実施例2A:CAR T細胞の製造と欠陥の評価
【0090】
CAR T細胞は、ドナーから得た血液細胞から製造されます。 血液細胞(すなわち、血液単核細胞)は、ドナーから収集され、T細胞を分離するために処理される。 次に、DNMT3A、TET2、ASXL1、PPM1D、JAK2、TP53、SRSF2、KRAS、SF3B1における配列ベースまたは構造ベースの欠損を特定するためにスクリーニングを行い、体細胞変異などの配列ベースまたは構造ベースの欠損を示さないT細胞を選択します。 次いで、選択されたT細胞は、Wang, et al., ”Clinical manufacturing of CAR T cells: Foundation of a promising therapy,” Molecular Therapy - Concolytics (2016) 3, 16015 (incorporated by reference in its entirety)

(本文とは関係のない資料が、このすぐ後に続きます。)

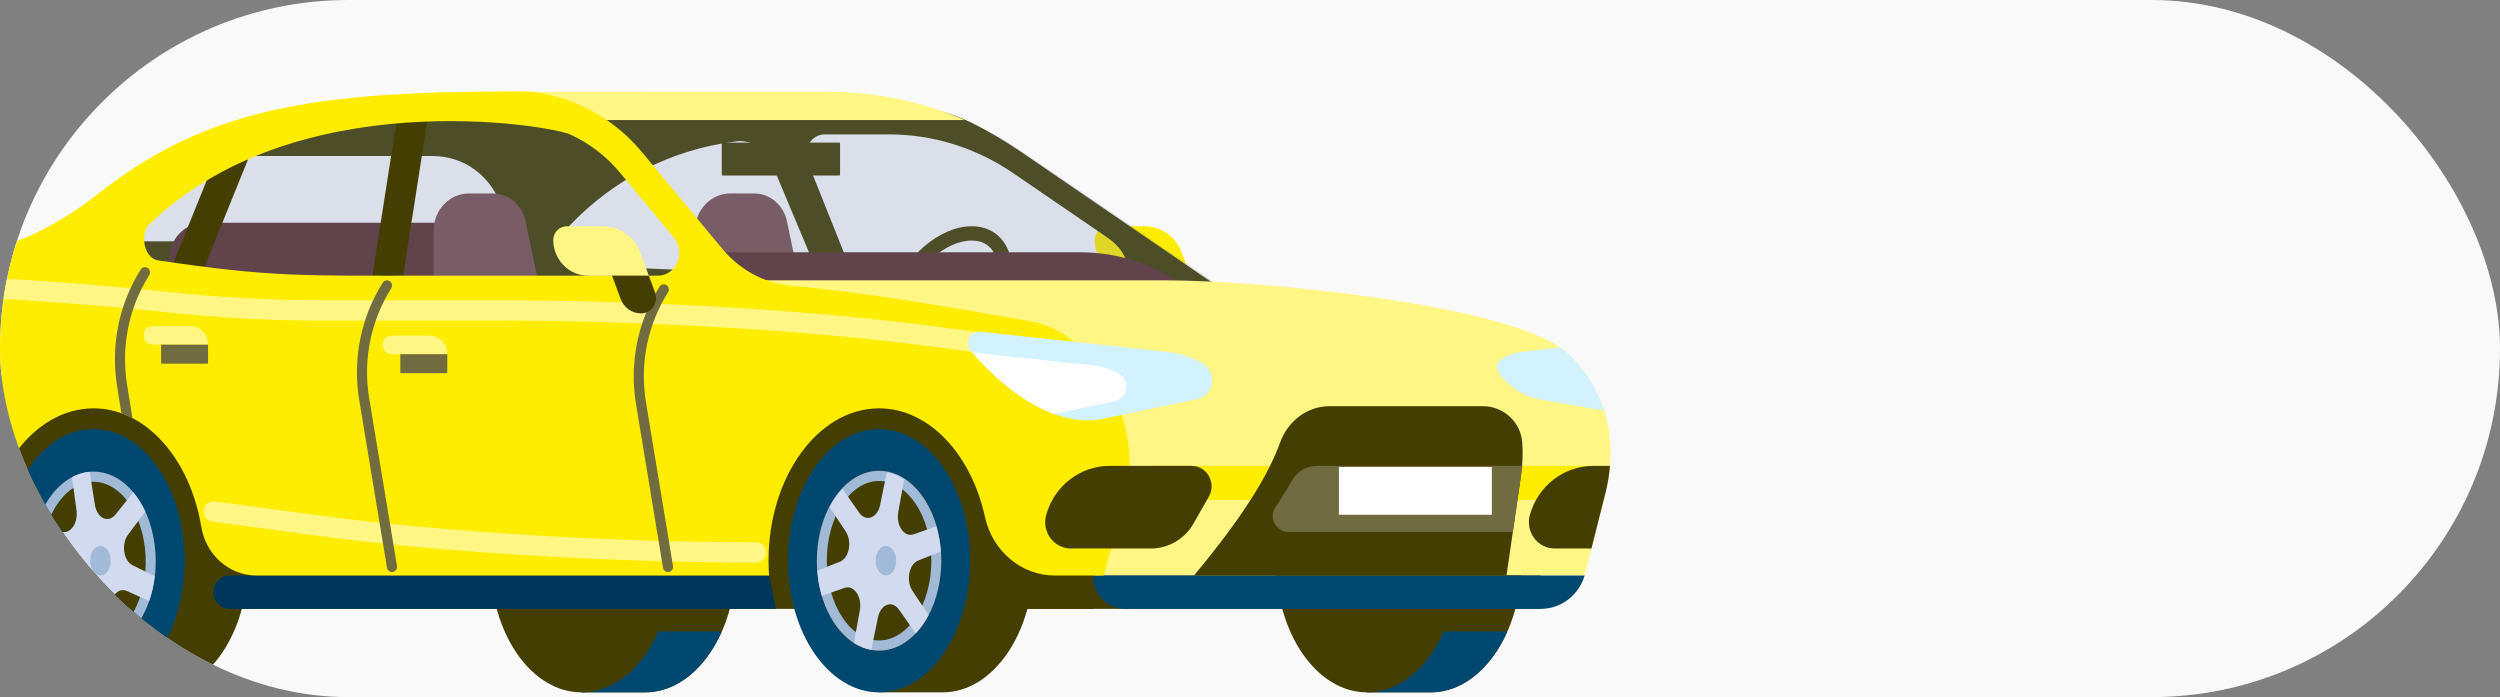 <?xml version="1.0" encoding="UTF-8"?> <svg xmlns="http://www.w3.org/2000/svg" width="104" height="29" viewBox="0 0 104 29" fill="none"><rect x="0" y="0" width="104" height="29" fill="#808080" stroke="none"/><g clip-path="url(#clip0_749_39)"><rect width="104" height="29" rx="14.5" fill="#F9F9F9"></rect><g clip-path="url(#clip1_749_39)"><path d="M46.998 11.472H49.516L49.16 10.509C48.916 9.849 48.298 9.412 47.61 9.412H46.099C45.784 9.412 45.53 9.678 45.536 10.001C45.551 10.818 46.201 11.472 46.998 11.472Z" fill="#FFED00"></path><path d="M4.931 10.039L3.599 13.765L51.982 12.762L50.801 12.011L42.504 6.337C41.778 5.841 41.085 5.44 40.437 5.117C39.475 4.638 38.437 4.404 37.405 4.404H16.965C14.062 4.404 9.987 5.117 7.385 6.49H17.985C19.245 6.49 20.433 7.228 20.948 8.786C21.151 9.397 20.718 10.039 20.108 10.039H4.931V10.039ZM23.738 9.342C25.558 7.439 27.955 6.223 30.536 5.895L30.75 5.867C31.332 5.867 31.858 6.22 32.086 6.763L34.047 11.434C32.227 11.398 27.376 11.2 24.251 11.043C23.443 11.002 23.053 10.057 23.606 9.479L23.738 9.341V9.342ZM36.953 11.469C36.466 11.469 35.976 11.463 35.486 11.458L33.597 6.737C33.38 6.194 33.755 5.591 34.309 5.591H36.993C38.816 5.591 40.6 6.147 42.135 7.193L46.074 9.887C46.973 10.502 47.175 11.469 46.405 11.469H36.954H36.953Z" fill="#443F00"></path><path d="M30.057 7.301L34.917 7.301C34.933 7.301 34.947 7.287 34.947 7.27V5.963C34.947 5.946 34.933 5.932 34.917 5.932L30.057 5.932C30.04 5.932 30.026 5.946 30.026 5.963V7.27C30.026 7.287 30.04 7.301 30.057 7.301Z" fill="#443F00"></path><path d="M7.031 14.742H21.336L20.434 10.425C20.293 9.748 19.728 9.266 19.076 9.266H8.49C7.684 9.266 7.031 9.961 7.031 10.818V14.742V14.742Z" fill="#5D322D"></path><path d="M18.039 13.525H22.765L21.864 9.209C21.722 8.531 21.157 8.049 20.505 8.049H19.498C18.692 8.049 18.039 8.744 18.039 9.601V13.525Z" fill="#7B5150"></path><path d="M28.913 13.525H33.639L32.738 9.209C32.597 8.531 32.032 8.049 31.38 8.049H30.372C29.566 8.049 28.913 8.744 28.913 9.601V13.525Z" fill="#7B5150"></path><path d="M40.422 9.412C39.083 9.412 37.588 10.702 37.084 12.293C36.579 13.883 37.256 15.173 38.595 15.173C39.935 15.173 41.429 13.883 41.934 12.293C42.438 10.702 41.762 9.412 40.422 9.412ZM41.382 12.109C40.957 13.447 39.681 14.578 38.595 14.578C38.216 14.578 37.926 14.441 37.735 14.171C37.459 13.783 37.422 13.149 37.636 12.477C38.06 11.138 39.336 10.007 40.422 10.007C40.802 10.007 41.091 10.145 41.283 10.415C41.558 10.803 41.595 11.436 41.382 12.109Z" fill="#443F00"></path><path d="M29.265 10.495H44.954C46.432 10.495 47.879 10.947 49.124 11.795L50.88 12.993H29.265V10.495V10.495Z" fill="#5D322D"></path><g opacity="0.22"><path d="M40.136 4.994C40.975 5.357 41.791 5.806 42.579 6.342L50.622 11.816H2.478L7.107 6.616L10.324 4.994H40.136Z" fill="#6C84B7"></path></g><path d="M20.789 4.994L21.432 3.813L34.399 3.817C36.38 3.818 38.312 4.204 40.136 4.994H20.789Z" fill="#FFF684"></path><path d="M26.834 17.849C28.926 17.849 30.622 20.301 30.622 23.326C30.622 26.35 28.926 28.802 26.834 28.802H24.19V17.849H26.834V17.849Z" fill="#443F00"></path><path d="M59.513 17.849C61.605 17.849 63.301 20.301 63.301 23.326C63.301 26.35 61.605 28.802 59.513 28.802H56.869V17.849H59.513V17.849Z" fill="#443F00"></path><path d="M62.705 26.267C62.032 27.789 60.855 28.802 59.513 28.802H56.869V26.267H62.705Z" fill="#004870"></path><path d="M53.081 23.326C53.081 26.35 54.776 28.802 56.868 28.802C58.961 28.802 60.657 26.35 60.657 23.326C60.657 20.301 58.961 17.849 56.868 17.849C54.776 17.849 53.081 20.301 53.081 23.326Z" fill="#443F00"></path><path d="M30.026 26.267C29.353 27.789 28.177 28.802 26.834 28.802H24.19V26.267H30.026Z" fill="#004870"></path><path d="M20.402 23.326C20.402 26.35 22.098 28.802 24.19 28.802C26.282 28.802 27.978 26.35 27.978 23.326C27.978 20.301 26.282 17.849 24.19 17.849C22.098 17.849 20.402 20.301 20.402 23.326Z" fill="#443F00"></path><path d="M65.92 23.942H37.124H28.352L26.905 23.53C25.708 23.19 24.89 21.478 25.035 19.621L25.346 15.657C25.525 13.377 26.784 11.662 28.279 11.662H48.481C52.551 11.662 62.922 12.687 65.159 14.657C65.504 14.962 65.815 15.318 66.082 15.716C67.003 17.088 67.207 18.839 66.801 20.452L65.92 23.942V23.942Z" fill="#FFF684"></path><path d="M66.328 19.381H47.908V20.799H66.328V19.381Z" fill="#FFED00"></path><path d="M-2.264 15.618H41.347C43.655 15.618 45.526 17.535 45.526 19.9V25.329H0.833L-1.98 24.485C-3.002 24.178 -3.633 23.088 -3.429 21.979L-2.264 15.618V15.618Z" fill="#443F00"></path><path d="M15.364 12.293L16.642 12.298L17.785 4.973L16.508 4.968L15.364 12.293Z" fill="#443F00"></path><path d="M6.535 17.849C8.627 17.849 10.323 20.301 10.323 23.326C10.323 26.35 8.627 28.802 6.535 28.802H3.891V17.849H6.535V17.849Z" fill="#443F00"></path><path d="M0.103 23.326C0.103 26.35 1.799 28.802 3.891 28.802C5.983 28.802 7.679 26.35 7.679 23.326C7.679 20.301 5.983 17.849 3.891 17.849C1.799 17.849 0.103 20.301 0.103 23.326Z" fill="#004870"></path><path d="M3.891 26.855C3.649 26.855 3.408 26.799 3.174 26.69C1.902 26.092 1.212 24.093 1.633 22.233C1.959 20.795 2.866 19.829 3.89 19.829C4.132 19.829 4.374 19.885 4.608 19.995C5.879 20.593 6.57 22.591 6.148 24.451C5.822 25.889 4.915 26.855 3.891 26.855Z" fill="#443F00"></path><path d="M4.694 19.802C4.427 19.677 4.156 19.617 3.89 19.617C2.801 19.617 1.789 20.615 1.432 22.186C0.988 24.14 1.73 26.243 3.087 26.882C3.354 27.007 3.625 27.067 3.891 27.067C4.98 27.067 5.993 26.069 6.349 24.498C6.793 22.544 6.052 20.441 4.694 19.802H4.694ZM5.947 24.403C5.643 25.743 4.817 26.644 3.891 26.644C3.679 26.644 3.467 26.595 3.26 26.497C2.093 25.949 1.44 24.018 1.834 22.281C2.139 20.941 2.965 20.04 3.89 20.04C4.102 20.04 4.315 20.09 4.522 20.187C5.688 20.736 6.341 22.666 5.947 24.403L5.947 24.403Z" fill="#A0BAD8"></path><path d="M2.454 24.443C2.746 24.054 2.644 23.357 2.268 23.17L1.344 22.713C1.366 22.537 1.393 22.361 1.432 22.186C1.472 22.011 1.522 21.846 1.578 21.685L2.511 22.102C2.891 22.271 3.259 21.795 3.183 21.233L2.996 19.851C3.23 19.726 3.477 19.65 3.731 19.627L3.947 21C4.035 21.559 4.505 21.78 4.806 21.404L5.544 20.48C5.739 20.714 5.907 20.985 6.045 21.285L5.327 22.241C5.035 22.631 5.137 23.328 5.514 23.514L6.437 23.971C6.416 24.147 6.389 24.323 6.35 24.498C6.31 24.673 6.259 24.839 6.204 24.999L5.271 24.583C4.891 24.413 4.523 24.889 4.599 25.451L4.786 26.833C4.552 26.958 4.304 27.034 4.051 27.056L3.835 25.683C3.747 25.125 3.276 24.903 2.976 25.279L2.239 26.203C2.043 25.97 1.875 25.698 1.737 25.398L2.455 24.442L2.454 24.443Z" fill="#D2DAEF"></path><path d="M39.214 17.849C41.306 17.849 43.002 20.301 43.002 23.326C43.002 26.35 41.306 28.802 39.214 28.802H36.569V17.849H39.214V17.849Z" fill="#443F00"></path><path d="M32.782 23.326C32.782 26.35 34.477 28.802 36.569 28.802C38.661 28.802 40.357 26.35 40.357 23.326C40.357 20.301 38.661 17.849 36.569 17.849C34.477 17.849 32.782 20.301 32.782 23.326Z" fill="#004870"></path><path d="M33.982 23.326C33.982 25.392 35.141 27.066 36.569 27.066C37.998 27.066 39.157 25.392 39.157 23.326C39.157 21.26 37.998 19.585 36.569 19.585C35.141 19.585 33.982 21.26 33.982 23.326Z" fill="#443F00"></path><path d="M36.569 19.585C35.141 19.585 33.982 21.26 33.982 23.326C33.982 25.392 35.141 27.066 36.569 27.066C37.998 27.066 39.157 25.392 39.157 23.326C39.157 21.26 37.998 19.585 36.569 19.585ZM36.569 26.643C35.37 26.643 34.395 25.155 34.395 23.326C34.395 21.497 35.37 20.009 36.569 20.009C37.768 20.009 38.744 21.497 38.744 23.326C38.744 25.155 37.768 26.643 36.569 26.643Z" fill="#A0BAD8"></path><path d="M35.77 25.383C35.871 24.829 35.524 24.321 35.138 24.455L34.188 24.786C34.14 24.621 34.097 24.452 34.065 24.273C34.033 24.095 34.014 23.917 34 23.739L34.942 23.367C35.326 23.215 35.458 22.528 35.184 22.114L34.509 21.094C34.66 20.808 34.84 20.552 35.045 20.336L35.741 21.326C36.024 21.728 36.503 21.55 36.615 21L36.891 19.649C37.143 19.695 37.386 19.794 37.615 19.939L37.368 21.301C37.267 21.855 37.614 22.364 38.001 22.229L38.95 21.898C38.998 22.063 39.041 22.233 39.073 22.411C39.105 22.589 39.124 22.767 39.138 22.945L38.196 23.318C37.812 23.47 37.68 24.156 37.954 24.571L38.629 25.59C38.478 25.877 38.298 26.132 38.093 26.348L37.397 25.359C37.114 24.956 36.635 25.134 36.523 25.684L36.246 27.035C35.995 26.989 35.751 26.891 35.523 26.745L35.77 25.383L35.77 25.383Z" fill="#D2DAEF"></path><path d="M36.429 23.326C36.429 23.666 36.62 23.942 36.855 23.942C37.091 23.942 37.282 23.666 37.282 23.326C37.282 22.985 37.091 22.709 36.855 22.709C36.62 22.709 36.429 22.985 36.429 23.326Z" fill="#A0BAD8"></path><path d="M3.75 23.326C3.75 23.666 3.941 23.942 4.177 23.942C4.412 23.942 4.603 23.666 4.603 23.326C4.603 22.985 4.412 22.709 4.177 22.709C3.941 22.709 3.75 22.985 3.75 23.326Z" fill="#A0BAD8"></path><path d="M9.534 25.329H32.279L31.994 23.942H9.534C9.076 23.942 8.761 24.431 8.927 24.886C9.024 25.153 9.265 25.329 9.534 25.329V25.329Z" fill="#00355C"></path><path d="M41.906 25.329L64.092 25.329V23.942L41.906 23.942V25.329Z" fill="#443F00"></path><path d="M46.804 25.329H64.096C64.936 25.329 65.677 24.765 65.92 23.942H45.476V23.968C45.476 24.72 46.07 25.329 46.804 25.329Z" fill="#004870"></path><path d="M6.746 12.08L7.992 12.37L10.524 6.124L9.278 5.834L6.746 12.08Z" fill="#443F00"></path><path d="M-2.318 10.896C-3.523 11.196 -4.402 12.258 -4.496 13.525L-4.978 20.068C-5.167 21.733 -4.107 23.267 -2.558 23.573L-0.685 23.942C-0.7 23.739 -0.708 23.534 -0.708 23.326C-0.708 19.831 1.355 16.987 3.891 16.987C6.08 16.987 7.91 19.104 8.374 21.917C8.569 23.094 9.547 23.942 10.67 23.942H31.993C31.979 23.739 31.971 23.534 31.971 23.326C31.971 19.831 34.034 16.987 36.569 16.987C38.649 16.987 40.405 18.898 40.974 21.501C41.286 22.934 42.496 23.942 43.879 23.942H45.911L46.807 20.737C47.599 17.905 45.78 13.87 42.855 13.364C39.974 12.865 36.429 12.207 32.74 11.871C31.706 11.726 30.747 11.194 30.048 10.351L26.712 6.337C25.115 4.412 23.094 3.923 22.058 3.814L21.431 3.802C12.99 3.802 8.561 4.521 4.048 8.085C2.616 9.217 0.994 10.069 -0.764 10.507L-2.319 10.896H-2.318ZM6.112 9.432C12.23 3.378 22.892 5.219 23.713 5.591C24.521 5.958 25.223 6.497 25.8 7.193L28.035 9.887C28.545 10.501 28.135 11.468 27.365 11.468H17.914C12.584 11.468 11.29 11.536 6.577 10.832C6.081 10.758 5.832 10.003 6.112 9.431L6.112 9.432Z" fill="#FFED00"></path><path d="M43.511 14.197L39.053 13.599C32.966 12.781 25.535 12.491 21.021 12.491H13.377C11.175 12.491 8.976 12.361 6.786 12.127C3.643 11.791 0.499 11.582 -2.745 11.452C-3.573 11.414 -3.662 12.252 -3.132 12.281C1.221 12.448 4.645 12.746 6.862 12.983C9.03 13.215 11.207 13.338 13.387 13.338H21.021C26.933 13.338 33.969 13.769 38.945 14.438L43.403 15.036C43.422 15.039 43.44 15.04 43.458 15.04C43.662 15.04 43.839 14.885 43.867 14.671C43.896 14.44 43.737 14.228 43.511 14.197V14.197Z" fill="#FFF684"></path><path d="M8.88 20.855C8.898 20.855 8.916 20.856 8.934 20.859L13.393 21.457C18.369 22.125 25.405 22.557 31.316 22.557H31.462C31.69 22.557 31.875 22.746 31.875 22.98C31.875 23.214 31.69 23.403 31.462 23.403H31.316C26.802 23.403 19.371 23.113 13.285 22.296L8.826 21.697C8.6 21.667 8.441 21.455 8.471 21.223C8.498 21.01 8.675 20.855 8.88 20.855V20.855Z" fill="#FFF684"></path><path d="M48.557 14.637C49.079 14.695 49.559 14.852 49.997 15.092C50.652 15.451 50.52 16.45 49.793 16.603L45.924 17.417C44.32 17.755 42.303 16.839 40.379 14.584C40.103 14.261 40.364 13.754 40.781 13.799L48.557 14.638V14.637Z" fill="#D3F2FF"></path><path d="M62.309 15.092C62.002 15.451 63.102 16.45 63.978 16.603L66.726 17.083C66.575 16.602 66.367 16.14 66.082 15.716C65.815 15.318 65.504 14.962 65.159 14.657C65.078 14.586 64.984 14.516 64.882 14.448L63.309 14.637C62.844 14.695 62.514 14.852 62.309 15.092Z" fill="#D3F2FF"></path><path d="M43.859 17.216L46.386 16.685C46.936 16.569 47.035 15.814 46.54 15.543C46.21 15.362 45.847 15.244 45.453 15.2L40.45 14.661C41.591 15.977 42.762 16.822 43.859 17.217V17.216Z" fill="white"></path><path d="M5.05 17.192L4.869 16.053C4.6 14.367 4.95 12.648 5.853 11.213C5.916 11.113 6.047 11.084 6.144 11.149C6.242 11.213 6.27 11.346 6.207 11.447C5.36 12.792 5.032 14.403 5.284 15.984L5.509 17.392L5.051 17.192H5.05Z" fill="#706C40"></path><path d="M16.306 23.798C16.205 23.798 16.116 23.723 16.099 23.617L14.937 16.601C14.668 14.915 15.018 13.196 15.921 11.761C15.984 11.661 16.114 11.632 16.212 11.696C16.309 11.761 16.337 11.894 16.275 11.994C15.428 13.339 15.1 14.951 15.352 16.531L16.515 23.547C16.533 23.665 16.456 23.776 16.341 23.795C16.329 23.797 16.318 23.798 16.307 23.798H16.306Z" fill="#706C40"></path><path d="M27.789 23.798C27.687 23.798 27.598 23.723 27.581 23.617L26.451 16.765C26.183 15.079 26.532 13.361 27.436 11.925C27.499 11.825 27.629 11.797 27.727 11.861C27.824 11.925 27.852 12.059 27.79 12.159C26.943 13.504 26.615 15.115 26.867 16.696L27.997 23.547C28.016 23.665 27.938 23.776 27.823 23.795C27.812 23.797 27.8 23.798 27.789 23.798H27.789Z" fill="#706C40"></path><path d="M24.477 11.472H26.995L26.639 10.509C26.394 9.849 25.777 9.412 25.088 9.412H23.578C23.263 9.412 23.008 9.678 23.015 10.001C23.03 10.818 23.68 11.472 24.477 11.472H24.477Z" fill="#FFF684"></path><path d="M26.994 11.472L27.252 12.17C27.407 12.588 27.105 13.037 26.668 13.037C26.291 13.037 25.953 12.798 25.819 12.436L25.462 11.471H26.994L26.994 11.472Z" fill="#443F00"></path><path d="M18.607 14.734C18.607 14.307 18.282 13.961 17.881 13.961H16.284C16.083 13.961 15.921 14.134 15.921 14.347C15.921 14.561 16.083 14.734 16.284 14.734H18.607H18.607Z" fill="#FFF684"></path><path d="M18.572 15.524H16.689C16.669 15.524 16.653 15.508 16.653 15.488V14.734H18.607V15.488C18.607 15.508 18.591 15.524 18.572 15.524Z" fill="#706C40"></path><path d="M8.656 14.339C8.656 13.912 8.331 13.566 7.93 13.566H6.332C6.132 13.566 5.969 13.739 5.969 13.953C5.969 14.166 6.132 14.339 6.332 14.339H8.656H8.656Z" fill="#FFF684"></path><path d="M8.621 15.129H6.737C6.718 15.129 6.702 15.113 6.702 15.093V14.339H8.656V15.093C8.656 15.113 8.64 15.129 8.621 15.129Z" fill="#706C40"></path><path d="M47.882 22.817H44.549C43.84 22.817 43.327 22.123 43.52 21.424C43.855 20.215 44.931 19.381 46.157 19.381H49.574C50.213 19.381 50.611 20.092 50.289 20.658L49.653 21.774C49.286 22.42 48.611 22.817 47.881 22.817L47.882 22.817Z" fill="#443F00"></path><path d="M66.279 19.381C65.054 19.381 63.977 20.215 63.642 21.424C63.449 22.123 63.962 22.817 64.671 22.817H66.204L66.801 20.452C66.889 20.1 66.944 19.741 66.973 19.381H66.28H66.279Z" fill="#443F00"></path><path d="M53.252 18.409C52.752 19.789 51.691 21.515 49.668 23.942H62.67L63.271 19.808C63.341 19.324 63.359 18.852 63.326 18.406C63.262 17.546 62.532 16.897 61.691 16.897H55.311C54.38 16.897 53.577 17.514 53.252 18.409Z" fill="#443F00"></path><path d="M53.735 20.006C53.541 20.35 53.317 20.714 53.059 21.1C52.769 21.537 53.081 22.129 53.596 22.129H62.934L63.33 19.404C63.322 19.395 63.319 19.391 63.311 19.381H54.794C54.356 19.381 53.955 19.618 53.736 20.006H53.735Z" fill="#706C40"></path><path d="M55.718 21.413H62.042C62.053 21.413 62.061 21.404 62.061 21.392V19.446C62.061 19.435 62.053 19.426 62.042 19.426H55.718C55.707 19.426 55.698 19.435 55.698 19.446V21.392C55.698 21.404 55.707 21.413 55.718 21.413Z" fill="white"></path></g></g><defs><clipPath id="clip0_749_39"><rect width="104" height="29" rx="14.5" fill="white"></rect></clipPath><clipPath id="clip1_749_39"><rect width="72" height="25" fill="white" transform="translate(-5 3.802)"></rect></clipPath></defs></svg>

に記載のものを含む当業者に既知の方法を用いて活性化及び拡大される。 T細胞が活性化され、拡大された後、それらは、DNMT3A、TET2、ASXL1、PPM1D、JAK2、TP53、SRSF2、KRAS及び/又はSF3B1の任意の配列ベース又は構造ベースの欠陥について再度スクリーニングされ得る。 任意の配列ベース又は構造ベースの欠陥を示していないT細胞は、遺伝子改変のために選択される。 選択されたT細胞は、キメラ抗原受容体を発現するように、ウイルスまたは非ウイルス遺伝子導入システムを用いて遺伝子改変される。 ウイルス系は、γ-レトロウイルスベクター、レンチウイルスベクター、又はトランスポゾン/トランスポザーゼ系の使用を含むことができる。 非ウイルス系には、mRNA転写を介した遺伝子発現が含まれる場合がある。 製造されたCAR T細胞は、DNMT3A、TET2、ASXL1、PPM1D、JAK2、TP53、SRSF2、KRAS及び/又はSF3B1の配列ベース又は構造ベースの任意の欠陥についてスクリーニングされる。
【0091】
いくつかの実施態様において、製造されたCAR T細胞は、特定の遺伝子(例えば、TET2)を不活性化又はノックアウトするため、又は疾患を引き起こす遺伝子欠陥を修正するために、さらに遺伝的に修飾される。 特定の遺伝子修飾は、製造されたCAR T細胞の所望の最終用途、例えば、血液がん、腫瘍、又は他の何らかの疾患若しくは障害の治療、同種CAR T細胞の生成等に基づいて選択され得る。 遺伝子改変の各インスタンスは、1つ以上の遺伝子に追加の欠陥を導入する可能性があり、したがって、DNMT3A、TET2、ASXL1、PPM1D、JAK2、TP53、SRSF2、KRAS及び/又はSF3B1の配列ベース又は構造ベースの欠陥を特定するために細胞を1又は複数回スクリーニングすることがある。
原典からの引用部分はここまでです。